■ **About this task**
Pictures are to be omitted, and every entry below is to be restated exactly.

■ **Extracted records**
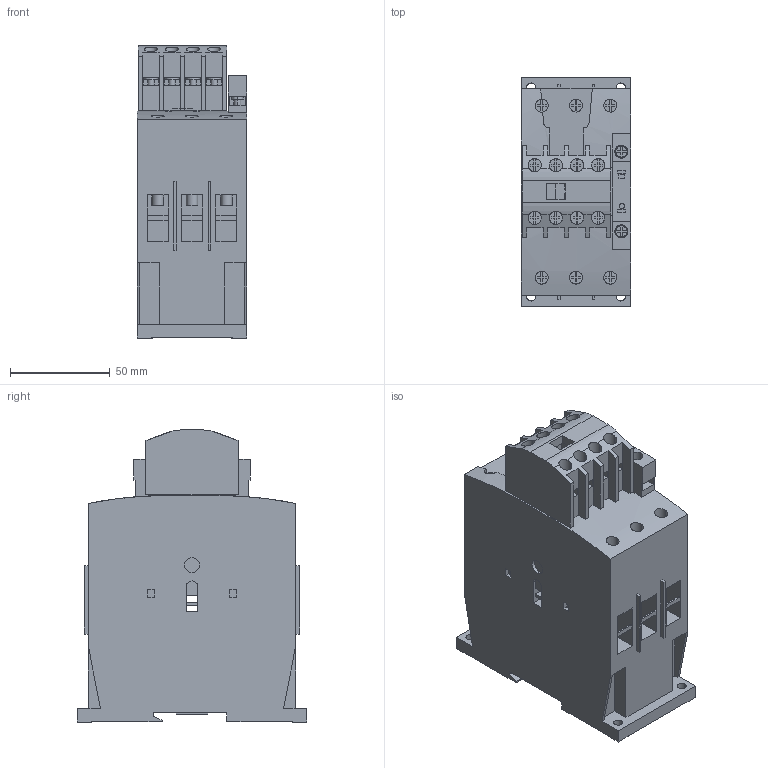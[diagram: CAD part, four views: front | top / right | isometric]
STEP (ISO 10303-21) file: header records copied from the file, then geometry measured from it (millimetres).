
FILE_DESCRIPTION( ( '' ), '1' );
FILE_NAME( 'dil_m40.stp', '2010-03-05T08:03:16', ( '' ), ( '' ), ' ', ' ', ' ' );
FILE_SCHEMA( ( 'CONFIG_CONTROL_DESIGN' ) );
Length unit declared in the file: millimetre
Products named in the file (2): 1; 2
Bounding box: 55 x 115 x 146.7 mm (x, y, z)
Volume: 639902.4 mm3; surface area: 90502.8 mm2
Topology: 2 solids, 2 shells, 839 faces, 2324 edges, 1546 vertices
Faces by surface type: plane 718, cylinder 101, cone 20
Entity records: 27299 total; most frequent: CARTESIAN_POINT 5403, ORIENTED_EDGE 4648, DIRECTION 4281, EDGE_CURVE 2324, LINE 1973, VECTOR 1973, VERTEX_POINT 1546, AXIS2_PLACEMENT_3D 1154

■ **Exercise response**
[diagram: CAD part, four views: front | top / right | isometric]
STEP (ISO 10303-21) file: header records copied from the file, then geometry measured from it (millimetres).
FILE_DESCRIPTION( ( '' ), '1' );
FILE_NAME( 'dil_m40.stp', '2010-03-05T08:03:16', ( '' ), ( '' ), ' ', ' ', ' ' );
FILE_SCHEMA( ( 'CONFIG_CONTROL_DESIGN' ) );
Length unit declared in the file: millimetre
Products named in the file (2): 1; 2
Bounding box: 55 x 115 x 146.7 mm (x, y, z)
Volume: 639902.4 mm3; surface area: 90502.8 mm2
Topology: 2 solids, 2 shells, 839 faces, 2324 edges, 1546 vertices
Faces by surface type: plane 718, cylinder 101, cone 20
Entity records: 27299 total; most frequent: CARTESIAN_POINT 5403, ORIENTED_EDGE 4648, DIRECTION 4281, EDGE_CURVE 2324, LINE 1973, VECTOR 1973, VERTEX_POINT 1546, AXIS2_PLACEMENT_3D 1154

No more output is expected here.